Task directions: Beneath this instruction is a block of data; output from it exactly the lines that run from the one containing "Q: x-height? A: Large." through the one containing "Upright lettering throughout.", inclusive.

Dataset items
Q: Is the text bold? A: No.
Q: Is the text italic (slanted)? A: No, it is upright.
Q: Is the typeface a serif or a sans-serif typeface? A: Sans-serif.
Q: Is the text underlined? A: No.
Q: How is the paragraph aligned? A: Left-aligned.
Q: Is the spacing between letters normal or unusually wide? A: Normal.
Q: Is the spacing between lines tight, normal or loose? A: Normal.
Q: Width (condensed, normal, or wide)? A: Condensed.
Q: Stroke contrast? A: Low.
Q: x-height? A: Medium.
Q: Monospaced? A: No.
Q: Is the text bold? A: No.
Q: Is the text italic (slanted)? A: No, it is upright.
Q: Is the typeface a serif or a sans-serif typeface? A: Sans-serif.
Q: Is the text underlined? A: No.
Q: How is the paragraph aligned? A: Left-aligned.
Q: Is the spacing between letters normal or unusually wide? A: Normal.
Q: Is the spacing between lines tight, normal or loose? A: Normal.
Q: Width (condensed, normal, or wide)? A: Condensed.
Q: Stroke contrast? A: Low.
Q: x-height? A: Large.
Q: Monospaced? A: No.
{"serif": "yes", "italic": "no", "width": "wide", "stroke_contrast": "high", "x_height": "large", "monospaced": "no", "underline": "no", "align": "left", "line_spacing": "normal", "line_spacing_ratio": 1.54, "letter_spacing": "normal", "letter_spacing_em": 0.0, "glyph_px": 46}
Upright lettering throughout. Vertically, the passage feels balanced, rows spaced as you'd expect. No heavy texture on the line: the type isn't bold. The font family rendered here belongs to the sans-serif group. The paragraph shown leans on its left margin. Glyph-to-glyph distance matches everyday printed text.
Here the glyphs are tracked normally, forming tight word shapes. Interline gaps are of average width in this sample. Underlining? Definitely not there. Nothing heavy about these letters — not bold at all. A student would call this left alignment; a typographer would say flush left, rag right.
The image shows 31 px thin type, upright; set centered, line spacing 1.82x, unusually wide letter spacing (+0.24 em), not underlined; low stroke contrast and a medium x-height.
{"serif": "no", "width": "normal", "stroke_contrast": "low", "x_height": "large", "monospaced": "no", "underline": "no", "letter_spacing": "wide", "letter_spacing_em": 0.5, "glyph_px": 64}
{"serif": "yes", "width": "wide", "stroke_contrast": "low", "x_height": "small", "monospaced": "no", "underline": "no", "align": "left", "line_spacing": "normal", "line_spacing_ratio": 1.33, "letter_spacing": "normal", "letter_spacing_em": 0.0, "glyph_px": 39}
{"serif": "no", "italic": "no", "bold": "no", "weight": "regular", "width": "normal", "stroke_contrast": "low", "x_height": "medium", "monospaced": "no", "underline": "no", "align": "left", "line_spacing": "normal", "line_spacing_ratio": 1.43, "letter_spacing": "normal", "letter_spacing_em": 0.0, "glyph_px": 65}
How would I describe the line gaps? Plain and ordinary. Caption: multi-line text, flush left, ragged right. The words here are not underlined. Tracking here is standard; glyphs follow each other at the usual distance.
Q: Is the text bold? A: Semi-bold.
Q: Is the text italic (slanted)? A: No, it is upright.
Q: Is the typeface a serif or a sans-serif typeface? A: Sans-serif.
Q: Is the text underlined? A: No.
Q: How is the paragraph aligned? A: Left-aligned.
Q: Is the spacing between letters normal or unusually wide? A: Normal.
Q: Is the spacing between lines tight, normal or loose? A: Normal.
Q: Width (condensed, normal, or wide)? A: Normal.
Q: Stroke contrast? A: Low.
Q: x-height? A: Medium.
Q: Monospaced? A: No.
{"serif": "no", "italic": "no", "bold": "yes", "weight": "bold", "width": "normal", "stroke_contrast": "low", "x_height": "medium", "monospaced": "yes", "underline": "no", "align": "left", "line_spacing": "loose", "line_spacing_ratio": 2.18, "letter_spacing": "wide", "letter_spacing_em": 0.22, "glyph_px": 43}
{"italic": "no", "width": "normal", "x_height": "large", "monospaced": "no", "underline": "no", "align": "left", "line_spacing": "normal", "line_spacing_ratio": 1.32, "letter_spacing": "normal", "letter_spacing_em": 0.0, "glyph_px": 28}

Answer section:
Q: x-height? A: Large.
Q: Monospaced? A: No.
{"serif": "yes", "italic": "no", "width": "wide", "stroke_contrast": "high", "x_height": "large", "monospaced": "no", "underline": "no", "align": "left", "line_spacing": "normal", "line_spacing_ratio": 1.54, "letter_spacing": "normal", "letter_spacing_em": 0.0, "glyph_px": 46}
Upright lettering throughout. Vertically, the passage feels balanced, rows spaced as you'd expect. No heavy texture on the line: the type isn't bold. The font family rendered here belongs to the sans-serif group. The paragraph shown leans on its left margin. Glyph-to-glyph distance matches everyday printed text.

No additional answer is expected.